How to complete this task:
Please return the full listing. Every line must match exactly.

--

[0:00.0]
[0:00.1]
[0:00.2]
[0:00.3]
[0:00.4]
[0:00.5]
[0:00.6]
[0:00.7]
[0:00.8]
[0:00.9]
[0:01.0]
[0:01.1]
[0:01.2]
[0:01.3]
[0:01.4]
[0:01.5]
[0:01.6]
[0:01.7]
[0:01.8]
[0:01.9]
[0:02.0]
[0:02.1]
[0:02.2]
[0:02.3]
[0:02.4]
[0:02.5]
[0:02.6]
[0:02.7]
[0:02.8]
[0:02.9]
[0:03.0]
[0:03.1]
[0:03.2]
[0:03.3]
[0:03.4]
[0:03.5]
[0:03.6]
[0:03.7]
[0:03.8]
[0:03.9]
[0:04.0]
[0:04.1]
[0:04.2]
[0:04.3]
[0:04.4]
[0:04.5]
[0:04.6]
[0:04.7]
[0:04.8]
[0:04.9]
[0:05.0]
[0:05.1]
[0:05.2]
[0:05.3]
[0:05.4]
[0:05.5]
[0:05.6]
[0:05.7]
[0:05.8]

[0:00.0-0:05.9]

--

The completed task:
[0:00.0]
[0:00.1]
[0:00.2]
[0:00.3]
[0:00.4]
[0:00.5]
[0:00.6]
[0:00.7]
[0:00.8]
[0:00.9]
[0:01.0]
[0:01.1]
[0:01.2]
[0:01.3]
[0:01.4]
[0:01.5]
[0:01.6]
[0:01.7]
[0:01.8]
[0:01.9]
[0:02.0]
[0:02.1]
[0:02.2]
[0:02.3]
[0:02.4]
[0:02.5]
[0:02.6]
[0:02.7]
[0:02.8]
[0:02.9]
[0:03.0]
[0:03.1]
[0:03.2]
[0:03.3]
[0:03.4]
[0:03.5]
[0:03.6]
[0:03.7]
[0:03.8]
[0:03.9]
[0:04.0]
[0:04.1]
[0:04.2]
[0:04.3]
[0:04.4]
[0:04.5]
[0:04.6]
[0:04.7]
[0:04.8]
[0:04.9]
[0:05.0]
[0:05.1]
[0:05.2]
[0:05.3]
[0:05.4]
[0:05.5]
[0:05.6]
[0:05.7]
[0:05.8]

[0:00.0-0:05.9]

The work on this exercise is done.